→ The task:
For every line in the data below that contains "right", copy the line.

→ Exercise data:
┄┄┄┄┄┄┄┄┄┄

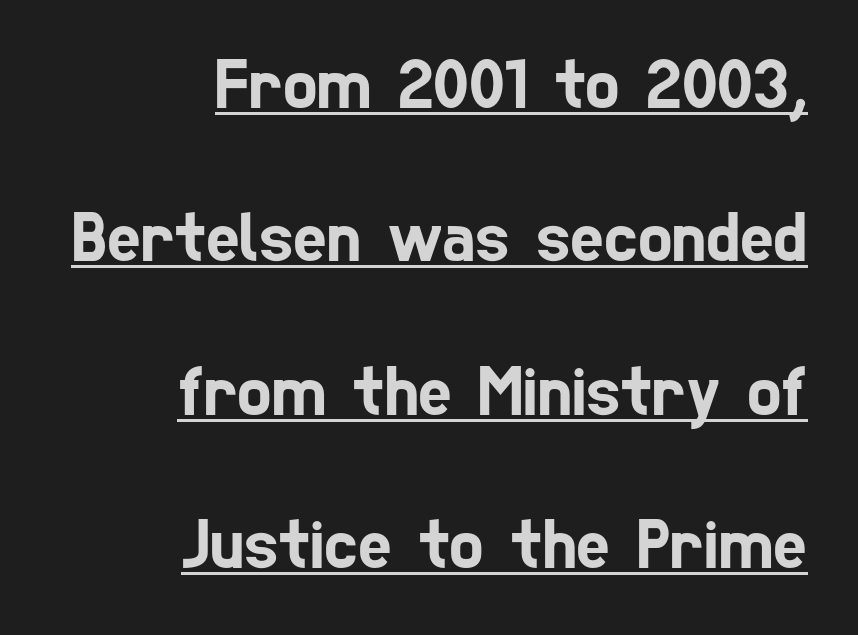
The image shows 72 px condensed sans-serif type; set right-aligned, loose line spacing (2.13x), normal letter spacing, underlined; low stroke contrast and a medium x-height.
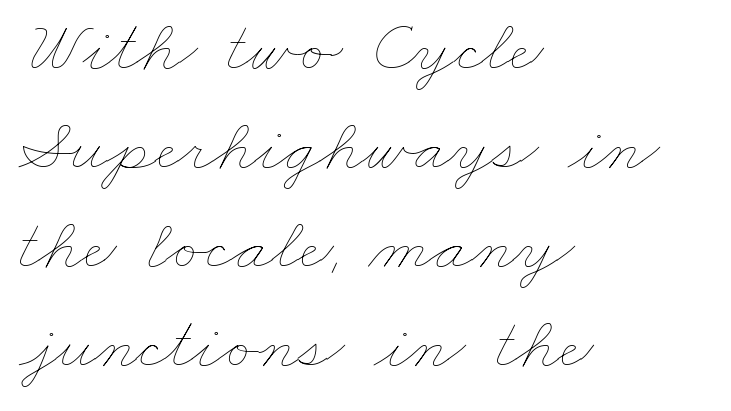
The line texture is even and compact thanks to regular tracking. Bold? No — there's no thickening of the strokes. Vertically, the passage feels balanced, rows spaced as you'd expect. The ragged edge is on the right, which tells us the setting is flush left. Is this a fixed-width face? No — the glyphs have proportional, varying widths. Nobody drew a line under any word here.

┄┄┄┄┄┄┄┄┄┄

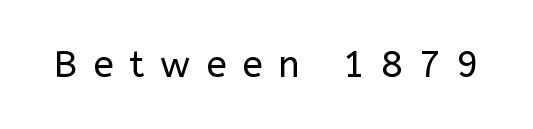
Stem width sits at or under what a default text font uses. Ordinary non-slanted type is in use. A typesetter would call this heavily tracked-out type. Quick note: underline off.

┄┄┄┄┄┄┄┄┄┄

→ Completed exercise:
The image shows 72 px condensed sans-serif type; set right-aligned, loose line spacing (2.13x), normal letter spacing, underlined; low stroke contrast and a medium x-height.
The line texture is even and compact thanks to regular tracking. Bold? No — there's no thickening of the strokes. Vertically, the passage feels balanced, rows spaced as you'd expect. The ragged edge is on the right, which tells us the setting is flush left. Is this a fixed-width face? No — the glyphs have proportional, varying widths. Nobody drew a line under any word here.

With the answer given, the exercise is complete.